When Gov. Ted Kulongoski tapped Brad Avakian to be the state’s labor commissioner, the former Democratic senator and one-time civil rights lawyer says he had one thought.
Will work for balance
When Gov. Ted Kulongoski tapped Brad Avakian to be the state’s labor commissioner, the former Democratic senator and one-time civil rights lawyer says he had one thought: I’ll finally get to tackle the workforce issues I didn’t have time for while I was in office.
Avakian is stepping into a contentious position: The business community often saw outgoing commissioner Dan Gardner — who resigned to become a lobbyist for the International Brotherhood of Electrical Workers in Washington, D.C. — as overly supportive of labor unions. Avakian says he’ll be able to find a balance between the two sides. He doesn’t have long. He’ll need a lot of support if he’s going to win in November when voters decide who to elect as labor commissioner.

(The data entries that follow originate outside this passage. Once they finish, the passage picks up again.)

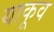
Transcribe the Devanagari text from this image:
याकूव
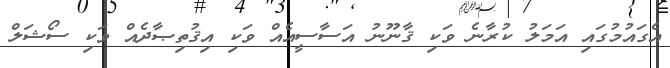
އެގައުމުގައި އަމަލު ކުރާނެ ވަކި ޤާނޫނު އަސާސީއެއް ވަކި އިޤުތިޞާދެއް ވަކި ސޯޝަލް
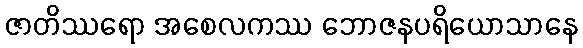
ဇာတိဿရော အစေလကဿ ဘောဇနပရိယောသာနေ
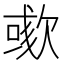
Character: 𣤁
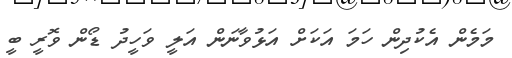
މަމެން އެކުދިން ހަމަ އަކަށް އަޅުވާނަން އަލީ ވަހީދު ޑޯން ވޮރީ ބީ
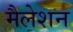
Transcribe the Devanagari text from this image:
मैलेशन
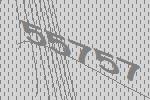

Just as long as his kids don’t get wise to his job before they turn 18.
What was your first job?
Pumping gas at a Flying A in Beaverton. Actually my first job was picking berries and hazelnuts. But my first wage-paying job was at the gas station. I was 15 years old.
Has your idea of what’s important to labor changed as you’ve gotten older?
I suppose it’s developed. I believe there’s a great balance in life. I’m a very big supporter of organized labor. Unions have a place in that balance. But to fully understand that, you need viable industry so you can have jobs. That sense of balance has developed over time.
Did working as the chair of the Psychologist Examiners board from 1995-1997 prepare you for working with the Legislature?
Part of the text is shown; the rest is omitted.